Again, I'd be interested to know if you see this with real data. The example you propose is not completely impossible in general usage, but is one I would certainly not see on GoShrine (600 elo is a 15 stone handicap at 25 kyu),
-Pete
I like playing around with rating math, sorry for the tldr text.
I did convert from the KGS scale to the standard Elo scale, and it looks like your WHR code handicap parameter takes a standard Elo scale number.
KGS: P = 1 / ( 1 + e^(k*(RankB-RankA)) ) [k=0.85 for 30k-5k, k=1.3 for 2d+]
Elo: P = 1 / ( 1 + 10^((RankB-RankA)/400)) )
So for kyu players and 1 rank difference: RankB-RankA=1 and k=0.85. Then you can solve for what the Elo difference is. EGF has some statistics on even games here: http://gemma.ujf.cas.cz/~cieply/GO/statev.html
Generally for weaker kyu players the chance of upset is around 45%, for stronger players it goes down. I put the expected win rates for KGS and EGF formulas, along with the observed win rates for EGF tournaments here:
Code: Select all
| | KGS | EGF | EGF | KGS | EGF | EGF |
| | exp. | exp. | obs. | exp. | exp. | obs. |
| even game | win % | win % | win % | elo | elo | elo |
|-----------|-------|-------|-------|-------|-------|-------|
| 10k vs 9k | 30.0 | 33.9 | 44.8 | 148 | 116 | 36 |
| 5d vs 6d | 21.4 | 20.1 | 27.8 | 226 | 232 | 166 |
You can see quite a discrepancy between the win rates predicted by the EGF formula and those observed.

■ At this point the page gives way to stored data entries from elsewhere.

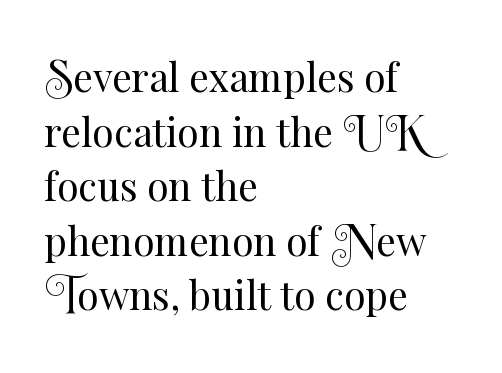
Q: Is the text bold? A: No.
Q: Is the text italic (slanted)? A: No, it is upright.
Q: Is the text underlined? A: No.
Q: How is the paragraph aligned? A: Left-aligned.
Q: Is the spacing between letters normal or unusually wide? A: Normal.
Q: Is the spacing between lines tight, normal or loose? A: Normal.
Q: Width (condensed, normal, or wide)? A: Normal.
Q: Stroke contrast? A: Medium.
Q: x-height? A: Small.
Q: Monospaced? A: No.
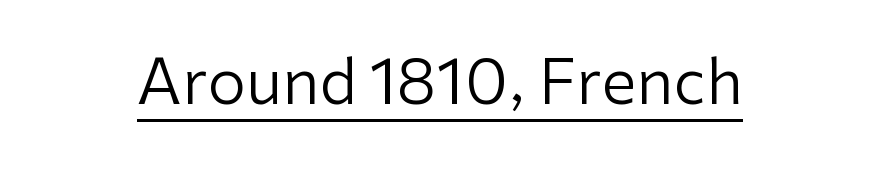
{"serif": "no", "italic": "no", "bold": "no", "weight": "regular", "width": "normal", "stroke_contrast": "low", "x_height": "medium", "monospaced": "no", "underline": "yes", "letter_spacing": "normal", "letter_spacing_em": 0.0, "glyph_px": 62}
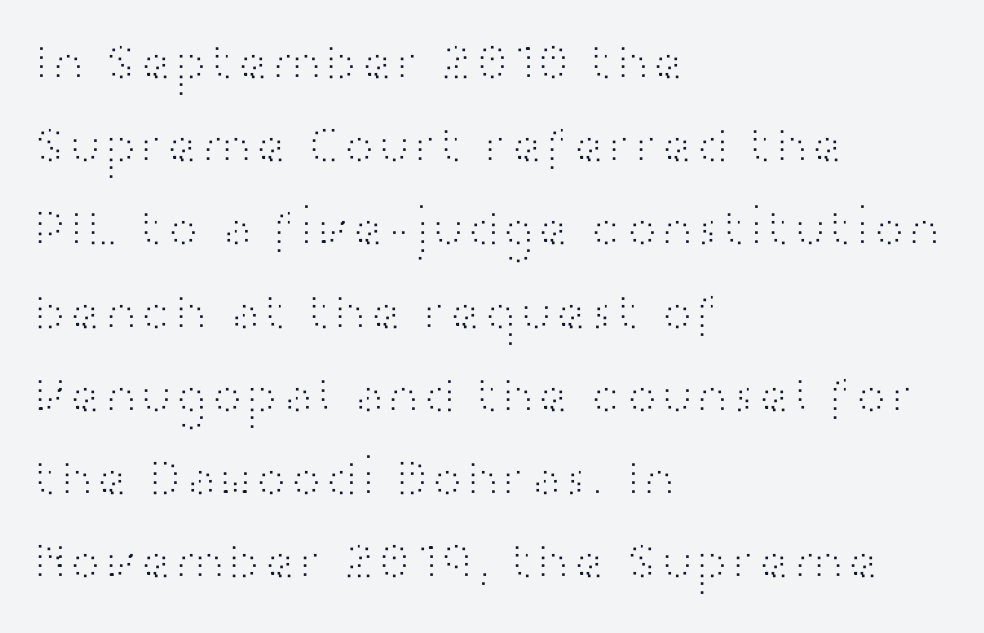
This is roman type, the default non-slanted kind. Stems and bowls with no extra thickness — not bold. Compared with typical paragraphs, the rows here are spaced about the same. The paragraph shown leans on its left margin. This sample uses plain, unmodified letter spacing. The designer went with a sans here, leaving each stem footless.
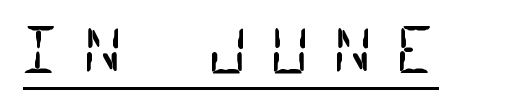
The image shows 62 px regular-weight, condensed sans-serif type, monospaced; set unusually wide letter spacing (+0.36 em), underlined; low stroke contrast and a large x-height.
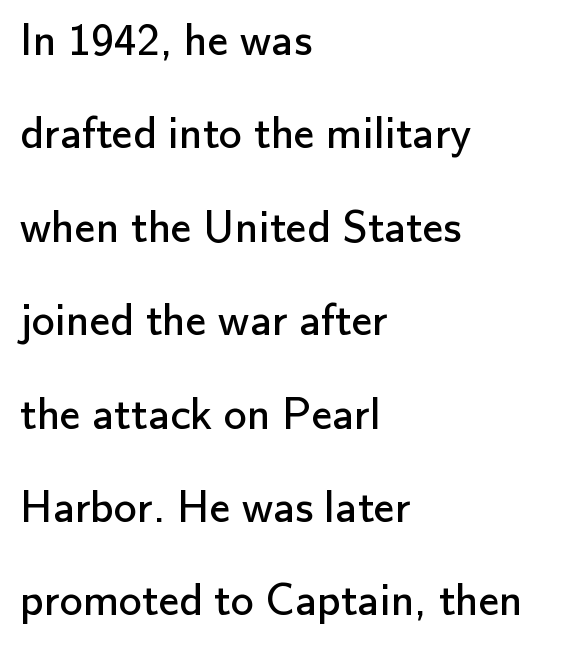
Q: Is the text bold? A: No.
Q: Is the text italic (slanted)? A: No, it is upright.
Q: Is the typeface a serif or a sans-serif typeface? A: Sans-serif.
Q: Is the text underlined? A: No.
Q: How is the paragraph aligned? A: Left-aligned.
Q: Is the spacing between letters normal or unusually wide? A: Normal.
Q: Is the spacing between lines tight, normal or loose? A: Loose.
Q: Width (condensed, normal, or wide)? A: Normal.
Q: Stroke contrast? A: Low.
Q: x-height? A: Small.
Q: Monospaced? A: No.
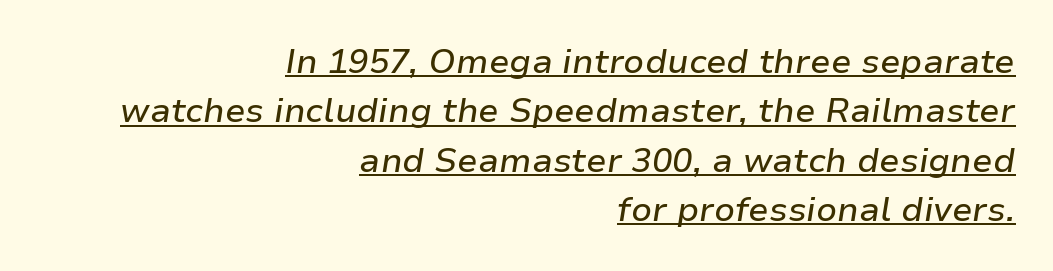
This sample uses plain, unmodified letter spacing. Caption: multi-line text, flush right, ragged left. The space between consecutive lines is moderate. If you drew a line through each stem, it would be angled. The rendered words wear a rule along their underside. The face used here is proportionally spaced, like ordinary book or web type.
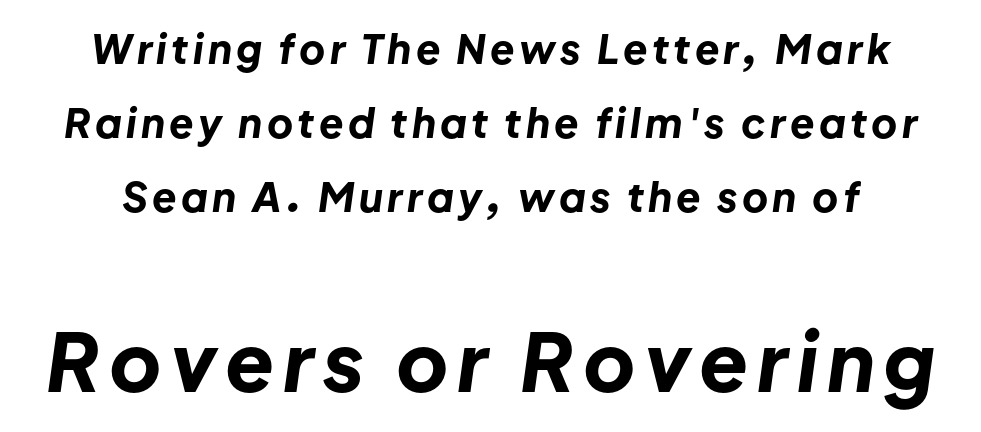
{"italic": "yes", "lean": "right", "slant_degrees": 8, "bold": "yes", "weight": "bold", "width": "normal", "stroke_contrast": "low", "x_height": "medium", "monospaced": "no", "underline": "no", "line_spacing_ratio": 1.85, "larger_block": "second", "size_ratio": 2.0, "glyph_px": 80}

Since ratings are estimated values of random variables, the observed win% will usually be lower than the expected win% (errors in the rating estimation tend to create more upsets than expected). Also these statistics are mostly from McMahon tournaments, which tends to match underrated 10kyus with overrated 9kyus.
Remi do you have any numbers like this for observed KGS games to get numbers for Elo/Rank from them?